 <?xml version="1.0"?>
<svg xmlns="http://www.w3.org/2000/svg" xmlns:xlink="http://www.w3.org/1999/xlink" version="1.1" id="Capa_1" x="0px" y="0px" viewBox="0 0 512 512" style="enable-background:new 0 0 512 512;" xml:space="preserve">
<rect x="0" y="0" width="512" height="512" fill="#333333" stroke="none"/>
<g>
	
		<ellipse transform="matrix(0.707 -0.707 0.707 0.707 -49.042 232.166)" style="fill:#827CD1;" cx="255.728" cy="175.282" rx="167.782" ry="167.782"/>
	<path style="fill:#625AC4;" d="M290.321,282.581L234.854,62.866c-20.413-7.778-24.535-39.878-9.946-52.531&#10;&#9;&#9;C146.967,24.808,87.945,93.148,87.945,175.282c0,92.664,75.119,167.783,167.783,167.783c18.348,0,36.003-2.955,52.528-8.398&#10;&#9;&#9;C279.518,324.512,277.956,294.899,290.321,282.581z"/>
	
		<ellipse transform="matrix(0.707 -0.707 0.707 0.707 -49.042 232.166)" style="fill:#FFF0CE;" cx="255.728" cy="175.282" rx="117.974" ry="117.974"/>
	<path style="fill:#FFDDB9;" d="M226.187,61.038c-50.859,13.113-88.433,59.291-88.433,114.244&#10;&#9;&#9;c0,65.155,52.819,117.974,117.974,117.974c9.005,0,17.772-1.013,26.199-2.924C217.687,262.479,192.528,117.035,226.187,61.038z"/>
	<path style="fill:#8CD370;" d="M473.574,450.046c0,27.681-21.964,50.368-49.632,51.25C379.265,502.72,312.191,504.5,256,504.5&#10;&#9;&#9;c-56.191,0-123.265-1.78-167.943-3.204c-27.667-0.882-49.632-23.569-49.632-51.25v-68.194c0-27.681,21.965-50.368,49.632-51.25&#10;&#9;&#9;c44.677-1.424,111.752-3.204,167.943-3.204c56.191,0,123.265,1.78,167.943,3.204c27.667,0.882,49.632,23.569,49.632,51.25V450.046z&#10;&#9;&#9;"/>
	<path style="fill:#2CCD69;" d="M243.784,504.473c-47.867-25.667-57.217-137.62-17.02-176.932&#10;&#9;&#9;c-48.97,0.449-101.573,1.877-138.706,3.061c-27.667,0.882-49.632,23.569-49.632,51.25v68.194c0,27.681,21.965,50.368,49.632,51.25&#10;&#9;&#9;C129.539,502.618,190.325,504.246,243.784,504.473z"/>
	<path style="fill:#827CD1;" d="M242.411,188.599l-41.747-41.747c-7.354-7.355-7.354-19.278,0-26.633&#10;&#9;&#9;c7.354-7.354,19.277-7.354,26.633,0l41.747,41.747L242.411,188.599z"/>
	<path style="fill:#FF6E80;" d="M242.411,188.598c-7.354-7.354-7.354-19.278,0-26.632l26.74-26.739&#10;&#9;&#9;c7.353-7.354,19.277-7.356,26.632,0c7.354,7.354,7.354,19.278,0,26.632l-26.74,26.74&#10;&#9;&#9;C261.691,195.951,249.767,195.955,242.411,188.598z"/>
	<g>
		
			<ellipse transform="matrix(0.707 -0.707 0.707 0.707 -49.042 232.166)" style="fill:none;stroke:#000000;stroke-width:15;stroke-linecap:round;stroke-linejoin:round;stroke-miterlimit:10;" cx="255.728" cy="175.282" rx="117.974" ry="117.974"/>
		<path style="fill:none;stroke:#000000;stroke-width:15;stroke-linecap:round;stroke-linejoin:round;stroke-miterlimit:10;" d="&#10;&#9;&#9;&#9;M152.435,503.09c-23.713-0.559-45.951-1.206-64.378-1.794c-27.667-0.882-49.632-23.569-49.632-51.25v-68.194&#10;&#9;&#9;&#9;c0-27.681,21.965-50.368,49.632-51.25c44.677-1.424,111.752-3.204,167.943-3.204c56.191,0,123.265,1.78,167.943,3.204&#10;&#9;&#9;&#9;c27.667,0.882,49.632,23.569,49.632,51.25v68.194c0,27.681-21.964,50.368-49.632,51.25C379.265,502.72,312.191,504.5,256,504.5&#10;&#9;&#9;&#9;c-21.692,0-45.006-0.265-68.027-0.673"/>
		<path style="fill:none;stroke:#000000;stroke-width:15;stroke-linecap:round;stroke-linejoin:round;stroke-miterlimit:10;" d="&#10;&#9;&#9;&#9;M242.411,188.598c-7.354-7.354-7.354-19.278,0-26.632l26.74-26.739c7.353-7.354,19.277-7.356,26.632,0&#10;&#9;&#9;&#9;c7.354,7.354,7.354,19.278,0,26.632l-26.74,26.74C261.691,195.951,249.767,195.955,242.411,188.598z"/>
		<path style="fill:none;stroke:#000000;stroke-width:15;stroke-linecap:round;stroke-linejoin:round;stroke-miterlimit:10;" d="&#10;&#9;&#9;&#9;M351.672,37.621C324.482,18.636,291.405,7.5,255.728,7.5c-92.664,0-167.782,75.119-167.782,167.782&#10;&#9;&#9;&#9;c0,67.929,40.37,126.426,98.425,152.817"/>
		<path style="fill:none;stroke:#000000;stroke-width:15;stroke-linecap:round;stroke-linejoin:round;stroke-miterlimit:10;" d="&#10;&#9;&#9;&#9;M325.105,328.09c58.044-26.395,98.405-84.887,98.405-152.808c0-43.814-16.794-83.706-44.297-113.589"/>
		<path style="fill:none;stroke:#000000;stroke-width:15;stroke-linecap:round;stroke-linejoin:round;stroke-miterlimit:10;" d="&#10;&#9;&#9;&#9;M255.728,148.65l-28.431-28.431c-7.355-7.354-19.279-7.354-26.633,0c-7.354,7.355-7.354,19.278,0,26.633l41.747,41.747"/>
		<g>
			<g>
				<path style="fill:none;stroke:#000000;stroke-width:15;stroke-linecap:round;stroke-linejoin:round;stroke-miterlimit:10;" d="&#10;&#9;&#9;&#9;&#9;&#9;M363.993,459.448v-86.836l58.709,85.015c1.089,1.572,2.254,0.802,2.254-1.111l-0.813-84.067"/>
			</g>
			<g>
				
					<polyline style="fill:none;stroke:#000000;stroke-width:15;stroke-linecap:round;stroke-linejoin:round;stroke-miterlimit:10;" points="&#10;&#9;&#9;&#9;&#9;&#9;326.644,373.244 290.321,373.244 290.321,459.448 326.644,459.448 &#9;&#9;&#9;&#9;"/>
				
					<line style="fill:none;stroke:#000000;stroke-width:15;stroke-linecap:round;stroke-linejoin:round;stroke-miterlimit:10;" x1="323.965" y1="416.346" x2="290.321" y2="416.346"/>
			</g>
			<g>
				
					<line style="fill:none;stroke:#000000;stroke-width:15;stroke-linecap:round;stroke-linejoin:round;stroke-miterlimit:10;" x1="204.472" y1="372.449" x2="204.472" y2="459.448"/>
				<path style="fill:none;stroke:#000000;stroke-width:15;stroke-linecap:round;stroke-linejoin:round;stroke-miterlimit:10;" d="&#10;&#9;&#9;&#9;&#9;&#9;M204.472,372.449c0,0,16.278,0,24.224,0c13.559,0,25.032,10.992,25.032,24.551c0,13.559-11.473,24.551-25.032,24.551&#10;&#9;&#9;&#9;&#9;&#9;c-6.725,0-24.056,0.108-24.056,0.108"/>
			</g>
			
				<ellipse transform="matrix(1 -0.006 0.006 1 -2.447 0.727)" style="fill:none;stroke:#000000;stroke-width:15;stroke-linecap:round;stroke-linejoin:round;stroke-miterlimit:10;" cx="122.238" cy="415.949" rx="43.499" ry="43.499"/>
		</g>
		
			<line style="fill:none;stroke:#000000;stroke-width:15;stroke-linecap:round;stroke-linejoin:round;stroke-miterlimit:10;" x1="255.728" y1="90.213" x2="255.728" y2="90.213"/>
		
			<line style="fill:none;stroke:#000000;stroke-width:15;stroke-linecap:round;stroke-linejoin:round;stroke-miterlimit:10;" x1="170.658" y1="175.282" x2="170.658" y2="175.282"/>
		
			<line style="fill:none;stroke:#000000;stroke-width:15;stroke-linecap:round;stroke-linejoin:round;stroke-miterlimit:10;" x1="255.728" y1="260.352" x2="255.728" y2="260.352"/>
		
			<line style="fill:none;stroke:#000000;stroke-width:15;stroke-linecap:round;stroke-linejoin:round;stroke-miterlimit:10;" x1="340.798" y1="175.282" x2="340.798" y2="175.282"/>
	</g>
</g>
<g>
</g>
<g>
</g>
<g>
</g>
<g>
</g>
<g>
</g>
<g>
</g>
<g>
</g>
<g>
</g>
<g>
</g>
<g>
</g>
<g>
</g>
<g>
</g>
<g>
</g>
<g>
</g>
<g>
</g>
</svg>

------------------------------------------------

**Exercise prompt**
Tally the lines of the material above that include the string "version", then give only the tally.

**Answer to the problem**
2